Processing Rows with multiple threads

I find myself having to process a lot of data recently where a) the processing of two different rows is independent and b) processing each row is expensive. I find myself coding a version of the following every time:

using DataFrames
using Base.Threads: @spawn
myrows = rand(20)
function processmyrow(row) # => some expensive function
    return DataFrame(r = row)
outdfs = [DataFrame() for _ in 1:Threads.nthreads()]
myparts = Iterators.partition(myrows, cld(length(myrows), Threads.nthreads()))

@sync for part in myparts
    @spawn begin
        for row in part
            append!(outdfs[Threads.threadid()], processmyrow(row))

Is there a better way of doing this? I have started looking into a couple of parallelism exploiting packages recently its quite hard for me to comprehend. Could someone point me in the right direction here?

Edit: I do not care about the order of the result as I will usually just sort it afterwards.


1 Like

Instead of the above, you can do the following.
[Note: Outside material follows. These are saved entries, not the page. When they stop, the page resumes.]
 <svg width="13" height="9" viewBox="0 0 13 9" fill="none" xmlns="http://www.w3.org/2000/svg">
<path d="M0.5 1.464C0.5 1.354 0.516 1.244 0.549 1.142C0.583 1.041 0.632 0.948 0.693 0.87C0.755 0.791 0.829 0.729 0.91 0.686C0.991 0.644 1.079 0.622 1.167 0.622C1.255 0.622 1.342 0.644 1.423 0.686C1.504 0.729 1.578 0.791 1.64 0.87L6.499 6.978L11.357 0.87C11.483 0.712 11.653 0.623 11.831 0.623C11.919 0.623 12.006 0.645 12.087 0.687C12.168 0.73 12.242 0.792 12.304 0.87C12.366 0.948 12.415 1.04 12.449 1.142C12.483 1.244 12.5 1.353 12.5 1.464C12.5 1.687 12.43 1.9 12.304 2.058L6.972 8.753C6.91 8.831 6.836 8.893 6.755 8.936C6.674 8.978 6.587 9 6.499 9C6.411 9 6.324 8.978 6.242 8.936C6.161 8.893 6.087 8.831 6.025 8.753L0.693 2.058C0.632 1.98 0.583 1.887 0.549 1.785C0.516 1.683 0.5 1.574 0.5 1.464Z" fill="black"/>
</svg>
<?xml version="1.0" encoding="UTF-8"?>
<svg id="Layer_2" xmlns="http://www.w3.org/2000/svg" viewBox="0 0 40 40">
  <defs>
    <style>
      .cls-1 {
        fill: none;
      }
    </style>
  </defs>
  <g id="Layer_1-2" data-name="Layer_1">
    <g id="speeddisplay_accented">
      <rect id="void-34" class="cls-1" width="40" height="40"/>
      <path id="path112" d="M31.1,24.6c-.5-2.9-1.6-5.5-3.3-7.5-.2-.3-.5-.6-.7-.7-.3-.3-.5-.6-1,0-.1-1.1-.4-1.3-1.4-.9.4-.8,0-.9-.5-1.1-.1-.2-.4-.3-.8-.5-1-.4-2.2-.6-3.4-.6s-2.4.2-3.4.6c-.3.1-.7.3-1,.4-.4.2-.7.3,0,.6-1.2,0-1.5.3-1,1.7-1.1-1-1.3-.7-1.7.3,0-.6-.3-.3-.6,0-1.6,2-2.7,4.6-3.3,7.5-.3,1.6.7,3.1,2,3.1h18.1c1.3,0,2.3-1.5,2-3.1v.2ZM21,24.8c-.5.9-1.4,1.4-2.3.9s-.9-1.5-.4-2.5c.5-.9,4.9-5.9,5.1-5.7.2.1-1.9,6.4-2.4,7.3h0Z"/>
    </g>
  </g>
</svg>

using BangBang, Transducers
foldxt(append!!, Map(processmyrow), myrow))

The doc for Transducers has a good parallelism tutorial

1 Like

Thank you that looks great!

I also found

tcollect(Map(processmyrow), myrows))

in case the rows cannot easily be appended (e.g. not all rows return the same collumns)

I think you pasted the link twice its: parallelism tutorial

If the function on a row takes sufficently long time (e.g. 1 ms or more), you should be fine to spawn a task per row and construct a DataFrame from the result:

df = DataFrame(a=1:10, b=11:20)
processmyrow(row) = (a=row.a, b=row.b, c=row.a^2 + row.b)
outdf = DataFrame(fetch.([Threads.@spawn processmyrow(row) for row in eachrow(df)]))
1 Like

Bah! That’s what I get for typing with a baby in one arm…

1 Like

Transducers has changed my life! I already added it to 2 projects I’m working on.